Interactive maps and charts are part of a health data dashboard
Geographies can be combined to get pooled health estimates
Maps can be exported to static images for printing

AskCHIS Neighborhood Edition

UCLA Center for Health Policy Research
California health dashboard visualization

View the map

AskCHIS Neighborhood Edition is a product of The California Health Interview Survey and the UCLA Center for Health Policy Research, with whom we worked to develop map and chart components for this interactive public health tool. AskCHIS NE is a tool for searching, displaying, and comparing various California health estimates at local levels such as zip codes and legislative districts.

A data API powers everything. Users select data and locations in a table above the map. Those selections send parameters to the map and chart components through a hash in the URL of an iframe. Given the specified health measure, geography type, and selected entities, we build a query and request data which in turn draws the map and charts.

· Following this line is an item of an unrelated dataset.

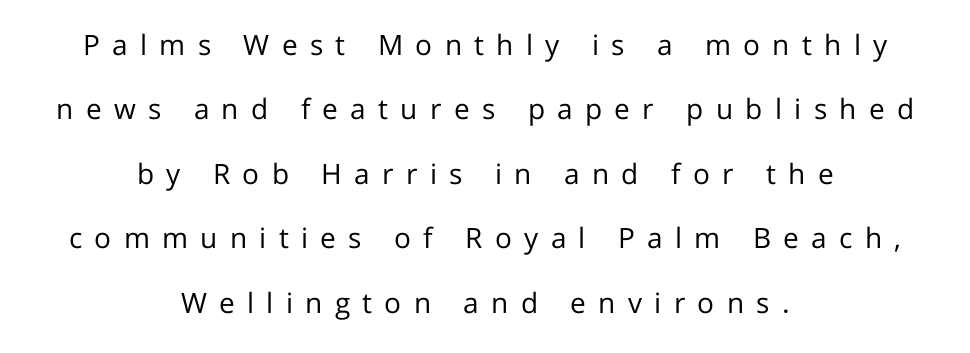
{"serif": "no", "italic": "no", "bold": "no", "weight": "regular", "width": "normal", "stroke_contrast": "low", "x_height": "medium", "monospaced": "no", "underline": "no", "align": "center", "line_spacing": "loose", "line_spacing_ratio": 2.3, "letter_spacing": "wide", "letter_spacing_em": 0.44, "glyph_px": 28}

We designed the map and charts to fit into a larger dashboard of AskCHIS NE, connected to the selections a user makes in a table that appears above. Each piece is a separate component, but all are linked by data. A categorical color scheme distinguishes different types of geography. Beyond the web dashboard, specific views can be exported as static images for print or other use, separate design that focuses on just the map and a handful of relevant statistics.

We used the D3 library extensively for almost everything, as this is precisely the kind of data-driven document for which D3 is meant. Unlike most tiled “slippy” maps, the map itself is built with D3, allowing us to make use of some sophisticated features like dynamic polygon simplification. We also dove deeper into SVG than in many projects, devoting a lot of code to perfecting pattern fills, masking, and image exports.